# Working with cupped 1 x 12 pine boards How do I do it?



## nicksorenson (Jun 2, 2008)

I'm building guitar amp cabinets with 1x12 pine and have a continual problem with cupped and bowed boards. I'm using a jig (Keller) to make the ends dovetailed. It works very nicely except that the boards are cupped. Is there a way to make sure everything comes together nice and true?

My guess is make sure everything is clamped nice and tight with pipe clamps when glued. Is that right?

Sorry if that's a dumb question! I'm new to woodworking.
thanks!!
Nick


----------



## bobj3 (Jan 17, 2006)

Hi Nick

Just about all 12" boards will be cupped if not now in time,, once a tree always a tree..

It's best rip them down to two or 3 parts then glue them backup...the norm is right down the heart wood of the plank...

I know it sounds like alot more work and it is, BUT if you don't do it now you will have a great bow and arrow cabinet...


========


----------



## Mike (Nov 22, 2004)

Nick, if the grain pattern is not important you can buy boards made from 1x2" strips glued to useful sizes like 12, 18 or 24" widths. These are available in both pine and hardwood such as aspen. If the grain is important consider using veneered plywood with the edges dressed with veneer or an edge cap.


----------



## nicksorenson (Jun 2, 2008)

Mike said:


> Nick, if the grain pattern is not important you can buy boards made from 1x2" strips glued to useful sizes like 12, 18 or 24" widths. These are available in both pine and hardwood such as aspen. If the grain is important consider using veneered plywood with the edges dressed with veneer or an edge cap.



That would actually be very nice. The grain doesn't matter at all. Every amp I'm building for the time being will be covered by a vinyl material. So, joined 1x2's would work perfect. Are they comparably priced to 1x12?


----------



## AxlMyk (Jun 13, 2006)

It would be a lot less work to use 3/4" plywood, or MDF, although MDF is heavy.
If you're just making the amp case, 1/2" would be acceptible. 3/4" for speakers.


----------



## nicksorenson (Jun 2, 2008)

This is very true if it were just from a workability perspective.

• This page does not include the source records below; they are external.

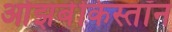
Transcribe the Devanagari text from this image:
ओझबेकिस्तॉन
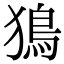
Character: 𤡕
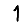
Digit: 1
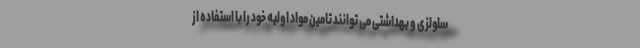
سلولزی و بهداشتی می توانند تامین مواد اولیه خود را با استفاده از
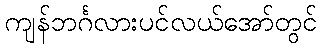
ကျန်ဘင်္ဂလားပင်လယ်အော်တွင်
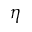
\eta
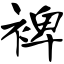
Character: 裨
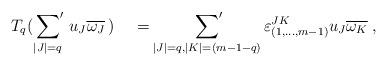
LaTeX: \begin{align*}T_q(\sideset{}{'}\sum_{\vert J\vert=q}\,u_J\overline{\omega_J}\,) \;\;\;\;=\sideset{}{'}\sum_{|J|=q, |K|=(m-1-q)} \varepsilon_{(1,\dots, m-1)}^{JK} u_J\overline{\omega_K}\; ,\end{align*}
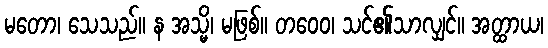
မတော၊ သေသည်။ န အသ္မိ၊ မဖြစ်။ တဝေဝ၊ သင်၏သာလျှင်။ အတ္ထာယ၊
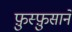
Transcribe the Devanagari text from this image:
फ़ुस्फ़ुसाने
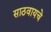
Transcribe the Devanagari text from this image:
साठवायचे
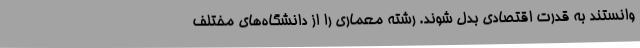
وانستند به قدرت اقتصادی بدل شوند. رشته معماری را از دانشگاه‌های مختلف
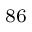
^ \mathrm { 8 6 }
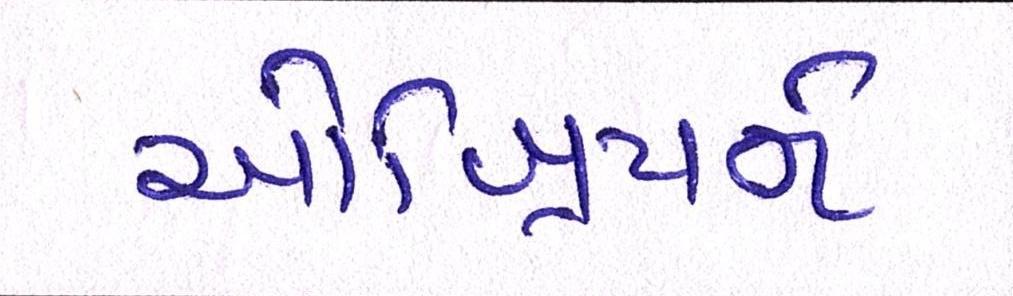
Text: ઓબ્રિયને
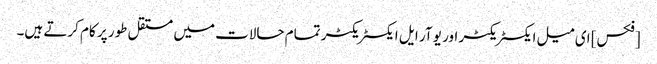
[فکس] ای میل ایکسٹریکٹر اور یو آر ایل ایکسٹریکٹر تمام حالات میں مستقل طور پر کام کرتے ہیں۔
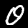
Digit: 0
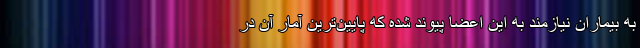
به بیماران نیازمند به این اعضا پیوند شده که پایین‌ترین آمار آن در
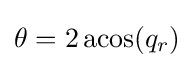
\theta =2\operatorname {acos} (q_{r})
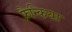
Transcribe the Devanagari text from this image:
फ्रैन्किया
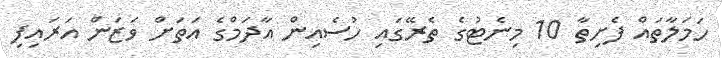
ހަމަލާތައް ފެށިތާ 10 މިނެޓުގެ ތެރޭގައި ހުސެއިން އާދަމްގެ އަތަށް ވަޒަން އަރައިފި
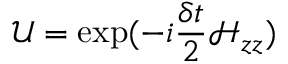
\mathcal { U } = \exp ( - i \frac { \delta t } { 2 } \mathcal { H } _ { z z } )
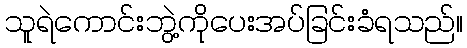
သူရဲကောင်းဘွဲ့ကိုပေးအပ်ခြင်းခံရသည်။
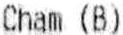
CHAM (B)
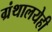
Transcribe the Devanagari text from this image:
ग्रंथालयेही
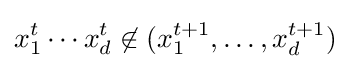
x_{1}^{t}\cdots x_{d}^{t}\not \in (x_{1}^{t+1},\dots ,x_{d}^{t+1})
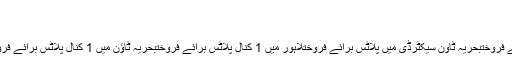
ماہانہ قسطPKR77.54 ہزار
قرض کی رقمPKR72.8 لاکھ
لاہور میں پلاٹس برائے فروختبحریہ ٹاؤن میں پلاٹس برائے فروختبحریہ ٹاؤن سیکٹرڈی میں پلاٹس برائے فروختلاہور میں 1 کنال پلاٹس برائے فروختبحریہ ٹاؤن میں 1 کنال پلاٹس برائے فروختبحریہ ٹاؤن سیکٹرڈی میں 1 کنال پلاٹس برائے فروخت
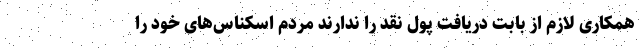
همکاری لازم از بابت دریافت پول نقد را ندارند مردم اسکناس‌های خود را
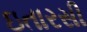
ઇતારસી
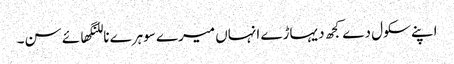
اپنے سکول دے کجھ دیہاڑے انہاں میرے سوہرے ناللنگھائے سن۔
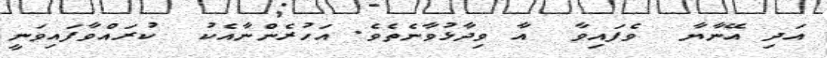
އަދި އޭނާޔާ  ވެފައިވާ  އާ ވިދާޅުވާނެތެވެ. އަހުރެންނާއެކު  ކުރައްވާފައިވަނީ
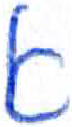
אות: א
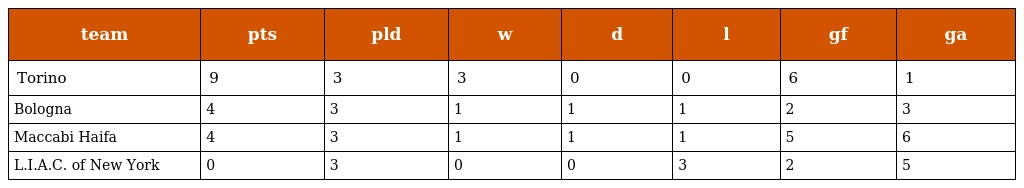
| team | pts | pld | w | d | l | gf | ga |
 | --- | --- | --- | --- | --- | --- | --- | --- |
 | Torino | 9 | 3 | 3 | 0 | 0 | 6 | 1 |
 | Bologna | 4 | 3 | 1 | 1 | 1 | 2 | 3 |
 | Maccabi Haifa | 4 | 3 | 1 | 1 | 1 | 5 | 6 |
 | L.I.A.C. of New York | 0 | 3 | 0 | 0 | 3 | 2 | 5 |
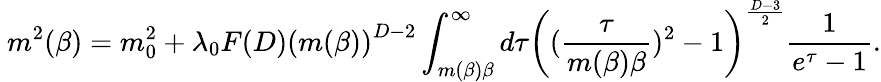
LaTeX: \ m^{2}(\beta)=m_{0}^{2}+\lambda_{0}F(D)\left(m(\beta)\right)^{D-2}\int_{m(\beta)\beta}^{\infty}d\tau\left((\frac{\tau}{m(\beta)\beta})^{2}-1\right)^{\frac{D-3}{2}}\frac{1}{e^{\tau}-1}.
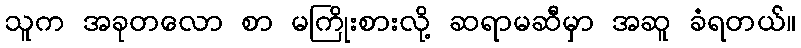
သူက အခုတလော စာ မကြိုးစားလို့ ဆရာမဆီမှာ အဆူ ခံရတယ်။
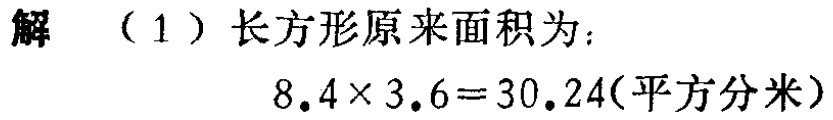
解 （1）长方形原来面积为：

\[

8.4\times 3.6 = 30.24(\text{平方分米})

\]
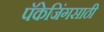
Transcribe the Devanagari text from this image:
पॅकेजिंगसाठी
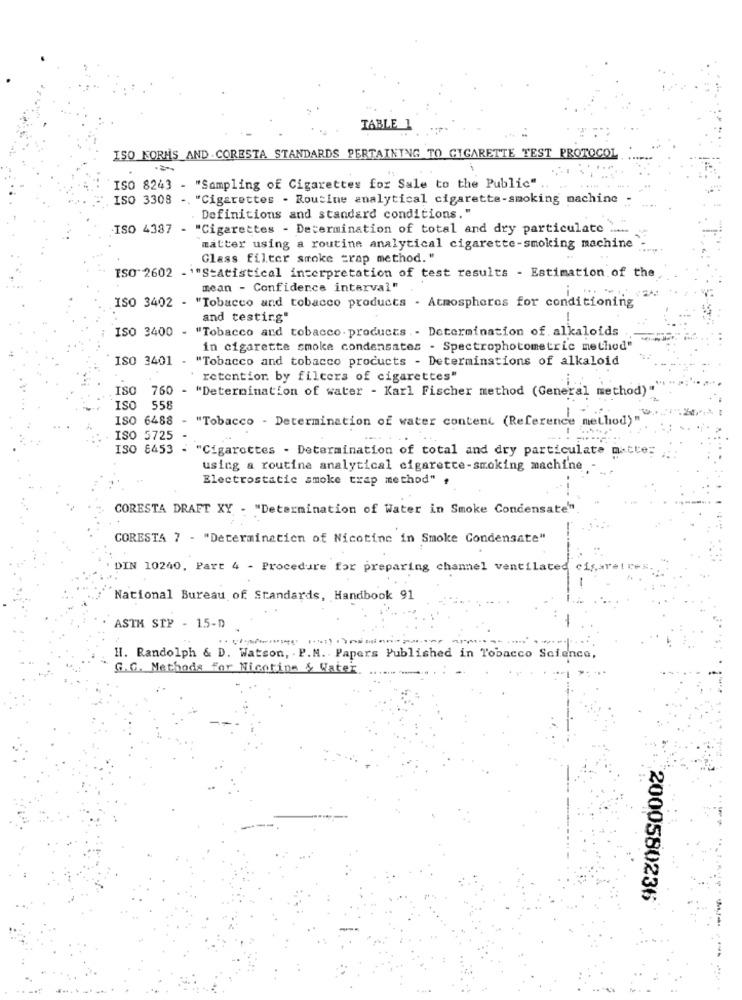
TABLE
ISO FORMS AND CORESTA STANDARDS PERTAINING TO CIGARETTE TEST PROTOCOL
ISO 8243 - "Sampling of Cigarettes for Sale to the Public"
ISO 3308 -, "Cigarettes - Routine analytical cigarette-smoking machine
. Definitions and standard conditions."
ISO 4337 - "Cigarettes - Determination of total and dry particulate .....
matter using a routine analytical cigarette-smoking machine
Glass filter smoke trap method."
ISO" 2602 - ""Statistical interpretation of test results - Estimation of the
mean - Confidence interval"
ISO 3402 - "Tobacco and tobacco products - Atmospheres for conditioning
and testing"
ISO 3400 -
"Tobacco and tobacco. products .- Determination of alkaloids
in cigarette smoke condensates - Spectrophotometric method"
ISO 3401 - "Tobacco and tobacco products - Determinations of alkaloid
retention by filters of cigarettes"
ISO 760 - "Determination of water - Karl Fischer method (General method)"
0 558
ISO 6488
- "Tobacco - Determination of water content (Reference method)"
ISO 5725
ISO 8453
"Cigarettes . Determination of total and dry particulate mitte:
using a routine analytical cigarette-smoking machine
Electrostatic smoke trap method" ,
CORESTA DRAFT XY - "Determination of Water in Smoke Condensate"
CORESTA 7 - "Determination of Nicotine in Smoke Condensate"
DIN 10240, Part 4 - Procedure for preparing channel ventilated cisaretres.
National Bureau of Standards, Handbook 91
ASTM STP - 15-D
H. Randolph & D. Watson, . P.M. Papers Published in Tobacco Science,
G.C. Methods For Nicotine & Water
2000580236
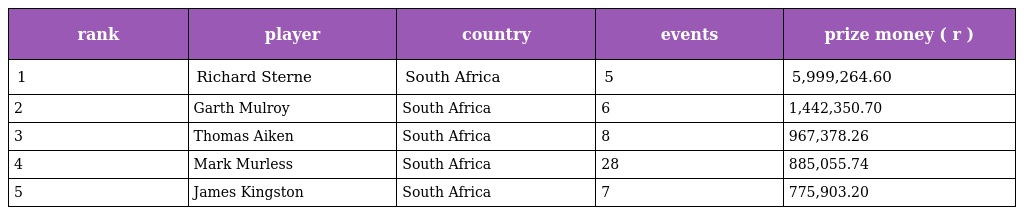
| rank | player | country | events | prize money ( r ) |
 | --- | --- | --- | --- | --- |
 | 1 | Richard Sterne | South Africa | 5 | 5,999,264.60 |
 | 2 | Garth Mulroy | South Africa | 6 | 1,442,350.70 |
 | 3 | Thomas Aiken | South Africa | 8 | 967,378.26 |
 | 4 | Mark Murless | South Africa | 28 | 885,055.74 |
 | 5 | James Kingston | South Africa | 7 | 775,903.20 |
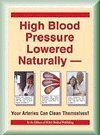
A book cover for High Blood Pressure Lowered Naturally: Your Arteries Can Clean Themselves; Health, Fitness & Dieting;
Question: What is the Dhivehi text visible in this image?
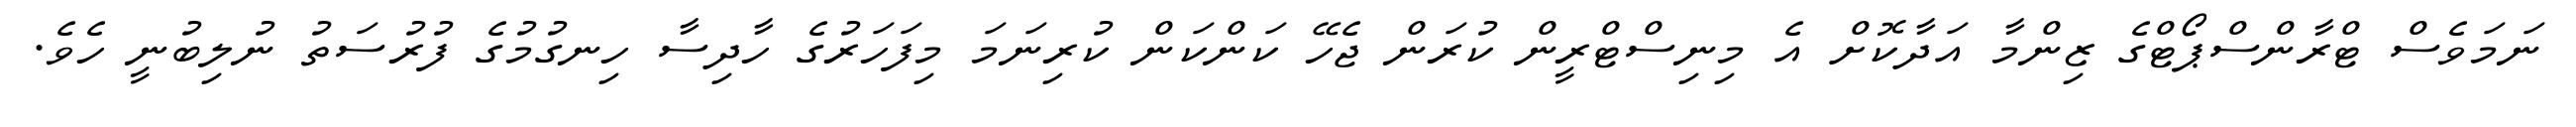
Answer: ނަމަވެސް ޓްރާންސްޕޯޓްގެ ޒިންމާ އަދާކޮށް އެ މިނިސްޓްރީން ކުރަން ޖެހޭ ކަންކަން ކުރިނަމަ މިފަހަރުގެ ހާދިސާ ހިނގުމުގެ ފުރުސަތު ނުލިބުނީ ހެވެ.
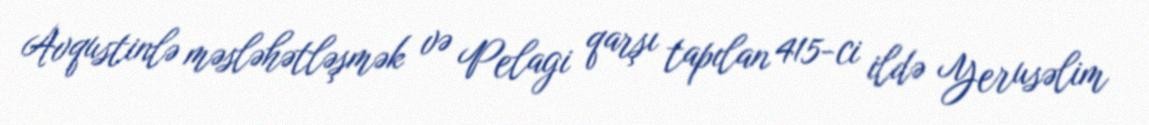
Avqustinlə məsləhətləşmək və Pelagi qarşı tapılan 415-ci ildə Yerusəlim
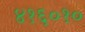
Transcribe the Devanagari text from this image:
४१६०१०

However in the case of audio equipment there's quite a bit of hype about what wood works for certain sounds. Also there is the reality side (beyond the hype side) of what sounds best. Of course tradition determines what we 'think' sounds best and pine unfortunately is the industry standard for small combo guitar amps. So... I'm stuck with it. Fun!! 



AxlMyk said:


> It would be a lot less work to use 3/4" plywood, or MDF, although MDF is heavy.
> If you're just making the amp case, 1/2" would be acceptible. 3/4" for speakers.


----------



## harrysin (Jan 15, 2007)

I do hate to give an opposing view to a fellow member, but, during my 50 working years in the consumer electronics industry I had a steady trickle of guitar amps/speakers for repair, professional and beginners both for repair to the amps. or re-coning of the literally blown drivers which gave me an insight into the cabinets and I don't recall ever seeing one made from Pine, besides which the guys who use this equipment spend heaps of money on devices to DISTORT the sound! I never did understand the latter as most of my work was on top end audio where distortion figures around 0.001% were achievable. Plywood would be my choice.


----------



## nicksorenson (Jun 2, 2008)

harrysin said:


> I do hate to give an opposing view to a fellow member, but, during my 50 working years in the consumer electronics industry I had a steady trickle of guitar amps/speakers for repair, professional and beginners both for repair to the amps. or re-coning of the literally blown drivers which gave me an insight into the cabinets and I don't recall ever seeing one made from Pine, besides which the guys who use this equipment spend heaps of money on devices to DISTORT the sound! I never did understand the latter as most of my work was on top end audio where distortion figures around 0.001% were achievable. Plywood would be my choice.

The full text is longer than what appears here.